Exercise description
Exclude the pictures, then copy all remaining records exactly.

Collected data
◇ ◇ ◇ ◇ ◇

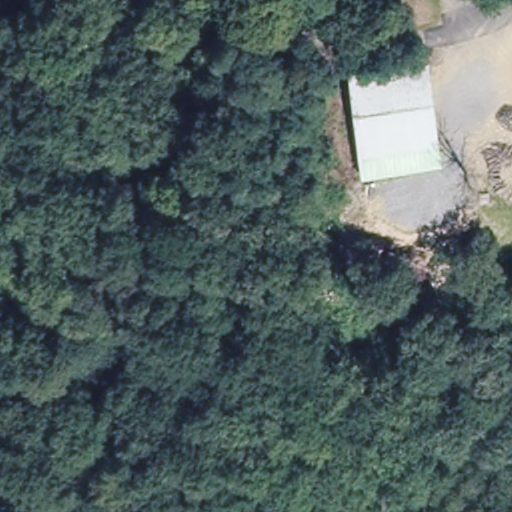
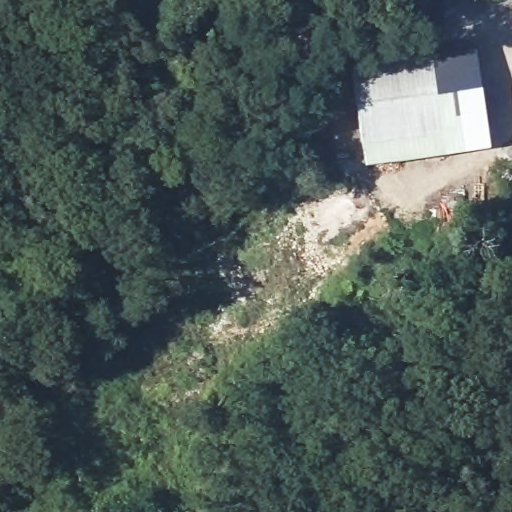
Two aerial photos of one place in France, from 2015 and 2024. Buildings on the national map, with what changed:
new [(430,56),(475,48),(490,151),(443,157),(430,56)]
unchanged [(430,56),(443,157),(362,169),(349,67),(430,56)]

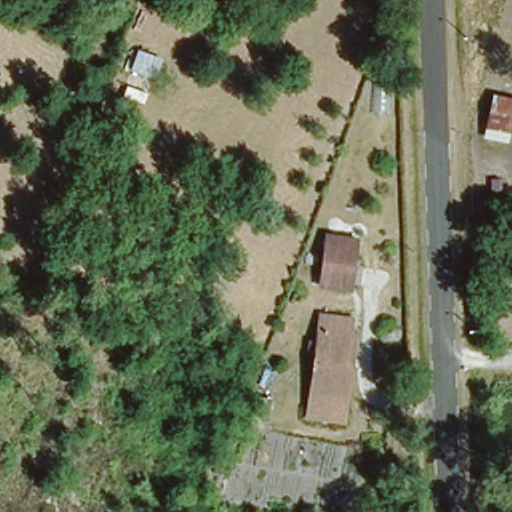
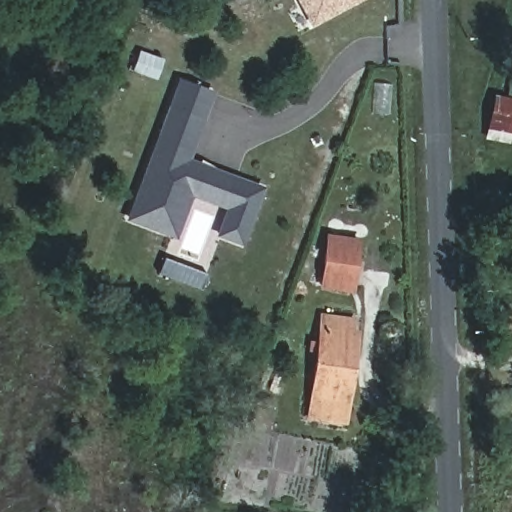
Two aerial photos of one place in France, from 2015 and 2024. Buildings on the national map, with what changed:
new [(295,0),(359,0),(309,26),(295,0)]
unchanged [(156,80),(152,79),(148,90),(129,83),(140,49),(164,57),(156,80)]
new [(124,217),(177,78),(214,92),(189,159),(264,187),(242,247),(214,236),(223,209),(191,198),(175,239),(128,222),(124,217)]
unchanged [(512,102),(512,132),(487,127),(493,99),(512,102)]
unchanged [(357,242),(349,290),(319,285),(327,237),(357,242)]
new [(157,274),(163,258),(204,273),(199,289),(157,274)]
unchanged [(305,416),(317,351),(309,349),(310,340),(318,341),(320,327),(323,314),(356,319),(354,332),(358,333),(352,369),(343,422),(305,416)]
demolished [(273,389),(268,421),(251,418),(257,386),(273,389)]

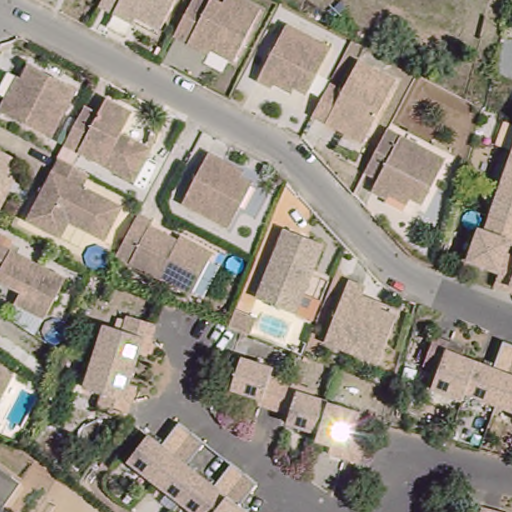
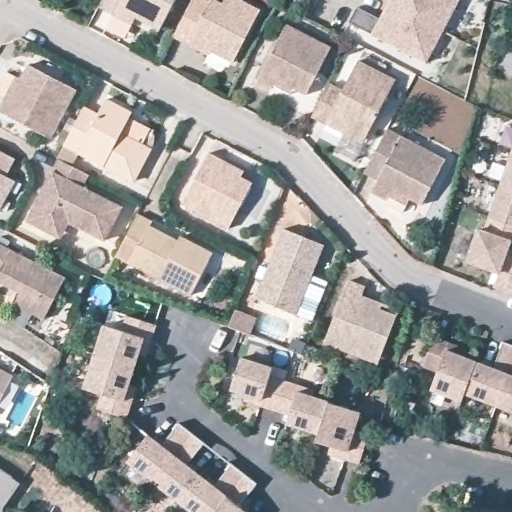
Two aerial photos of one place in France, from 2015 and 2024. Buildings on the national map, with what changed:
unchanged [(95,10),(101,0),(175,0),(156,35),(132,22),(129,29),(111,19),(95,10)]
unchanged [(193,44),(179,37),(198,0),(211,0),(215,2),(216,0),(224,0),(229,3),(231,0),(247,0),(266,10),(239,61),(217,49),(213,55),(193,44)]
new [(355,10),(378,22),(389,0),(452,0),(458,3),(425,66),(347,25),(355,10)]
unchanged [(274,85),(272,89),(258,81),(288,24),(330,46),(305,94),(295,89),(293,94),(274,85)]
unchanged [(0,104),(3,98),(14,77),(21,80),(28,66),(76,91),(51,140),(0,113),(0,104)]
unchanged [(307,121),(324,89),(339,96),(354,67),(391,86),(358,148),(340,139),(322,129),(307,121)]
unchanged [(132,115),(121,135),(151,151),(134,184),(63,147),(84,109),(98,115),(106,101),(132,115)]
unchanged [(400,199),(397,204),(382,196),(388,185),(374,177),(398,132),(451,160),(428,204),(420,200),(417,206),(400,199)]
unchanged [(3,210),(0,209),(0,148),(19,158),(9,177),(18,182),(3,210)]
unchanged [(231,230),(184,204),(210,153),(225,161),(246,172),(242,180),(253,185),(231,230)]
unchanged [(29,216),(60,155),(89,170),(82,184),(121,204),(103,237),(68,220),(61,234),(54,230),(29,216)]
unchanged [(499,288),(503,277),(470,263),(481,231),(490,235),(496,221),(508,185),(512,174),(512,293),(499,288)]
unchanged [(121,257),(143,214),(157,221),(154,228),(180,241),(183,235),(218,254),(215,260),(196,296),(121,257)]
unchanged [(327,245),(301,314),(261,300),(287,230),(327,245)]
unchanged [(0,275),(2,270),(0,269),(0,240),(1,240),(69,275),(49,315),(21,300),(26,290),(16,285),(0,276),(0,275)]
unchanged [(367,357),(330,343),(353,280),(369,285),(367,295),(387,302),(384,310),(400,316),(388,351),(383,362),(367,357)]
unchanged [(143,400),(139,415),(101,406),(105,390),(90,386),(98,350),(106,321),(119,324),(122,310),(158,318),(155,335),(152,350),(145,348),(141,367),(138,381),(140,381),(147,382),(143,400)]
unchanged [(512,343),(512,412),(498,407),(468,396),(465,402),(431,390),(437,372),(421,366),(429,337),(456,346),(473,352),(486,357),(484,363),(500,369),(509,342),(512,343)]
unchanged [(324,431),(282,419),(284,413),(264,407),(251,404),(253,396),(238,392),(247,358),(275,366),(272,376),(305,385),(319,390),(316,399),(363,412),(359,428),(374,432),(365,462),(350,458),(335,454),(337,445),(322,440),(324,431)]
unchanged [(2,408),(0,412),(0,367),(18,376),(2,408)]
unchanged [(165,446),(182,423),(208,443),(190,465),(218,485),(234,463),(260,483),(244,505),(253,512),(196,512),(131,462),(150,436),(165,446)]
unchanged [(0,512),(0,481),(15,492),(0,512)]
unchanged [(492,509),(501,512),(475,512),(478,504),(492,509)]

◇ ◇ ◇ ◇ ◇

Exercise output
Two aerial photos of one place in France, from 2015 and 2024. Buildings on the national map, with what changed:
new [(430,56),(475,48),(490,151),(443,157),(430,56)]
unchanged [(430,56),(443,157),(362,169),(349,67),(430,56)]

Two aerial photos of one place in France, from 2015 and 2024. Buildings on the national map, with what changed:
new [(295,0),(359,0),(309,26),(295,0)]
unchanged [(156,80),(152,79),(148,90),(129,83),(140,49),(164,57),(156,80)]
new [(124,217),(177,78),(214,92),(189,159),(264,187),(242,247),(214,236),(223,209),(191,198),(175,239),(128,222),(124,217)]
unchanged [(512,102),(512,132),(487,127),(493,99),(512,102)]
unchanged [(357,242),(349,290),(319,285),(327,237),(357,242)]
new [(157,274),(163,258),(204,273),(199,289),(157,274)]
unchanged [(305,416),(317,351),(309,349),(310,340),(318,341),(320,327),(323,314),(356,319),(354,332),(358,333),(352,369),(343,422),(305,416)]
demolished [(273,389),(268,421),(251,418),(257,386),(273,389)]

Two aerial photos of one place in France, from 2015 and 2024. Buildings on the national map, with what changed:
unchanged [(95,10),(101,0),(175,0),(156,35),(132,22),(129,29),(111,19),(95,10)]
unchanged [(193,44),(179,37),(198,0),(211,0),(215,2),(216,0),(224,0),(229,3),(231,0),(247,0),(266,10),(239,61),(217,49),(213,55),(193,44)]
new [(355,10),(378,22),(389,0),(452,0),(458,3),(425,66),(347,25),(355,10)]
unchanged [(274,85),(272,89),(258,81),(288,24),(330,46),(305,94),(295,89),(293,94),(274,85)]
unchanged [(0,104),(3,98),(14,77),(21,80),(28,66),(76,91),(51,140),(0,113),(0,104)]
unchanged [(307,121),(324,89),(339,96),(354,67),(391,86),(358,148),(340,139),(322,129),(307,121)]
unchanged [(132,115),(121,135),(151,151),(134,184),(63,147),(84,109),(98,115),(106,101),(132,115)]
unchanged [(400,199),(397,204),(382,196),(388,185),(374,177),(398,132),(451,160),(428,204),(420,200),(417,206),(400,199)]
unchanged [(3,210),(0,209),(0,148),(19,158),(9,177),(18,182),(3,210)]
unchanged [(231,230),(184,204),(210,153),(225,161),(246,172),(242,180),(253,185),(231,230)]
unchanged [(29,216),(60,155),(89,170),(82,184),(121,204),(103,237),(68,220),(61,234),(54,230),(29,216)]
unchanged [(499,288),(503,277),(470,263),(481,231),(490,235),(496,221),(508,185),(512,174),(512,293),(499,288)]
unchanged [(121,257),(143,214),(157,221),(154,228),(180,241),(183,235),(218,254),(215,260),(196,296),(121,257)]
unchanged [(327,245),(301,314),(261,300),(287,230),(327,245)]
unchanged [(0,275),(2,270),(0,269),(0,240),(1,240),(69,275),(49,315),(21,300),(26,290),(16,285),(0,276),(0,275)]
unchanged [(367,357),(330,343),(353,280),(369,285),(367,295),(387,302),(384,310),(400,316),(388,351),(383,362),(367,357)]
unchanged [(143,400),(139,415),(101,406),(105,390),(90,386),(98,350),(106,321),(119,324),(122,310),(158,318),(155,335),(152,350),(145,348),(141,367),(138,381),(140,381),(147,382),(143,400)]
unchanged [(512,343),(512,412),(498,407),(468,396),(465,402),(431,390),(437,372),(421,366),(429,337),(456,346),(473,352),(486,357),(484,363),(500,369),(509,342),(512,343)]
unchanged [(324,431),(282,419),(284,413),(264,407),(251,404),(253,396),(238,392),(247,358),(275,366),(272,376),(305,385),(319,390),(316,399),(363,412),(359,428),(374,432),(365,462),(350,458),(335,454),(337,445),(322,440),(324,431)]
unchanged [(2,408),(0,412),(0,367),(18,376),(2,408)]
unchanged [(165,446),(182,423),(208,443),(190,465),(218,485),(234,463),(260,483),(244,505),(253,512),(196,512),(131,462),(150,436),(165,446)]
unchanged [(0,512),(0,481),(15,492),(0,512)]
unchanged [(492,509),(501,512),(475,512),(478,504),(492,509)]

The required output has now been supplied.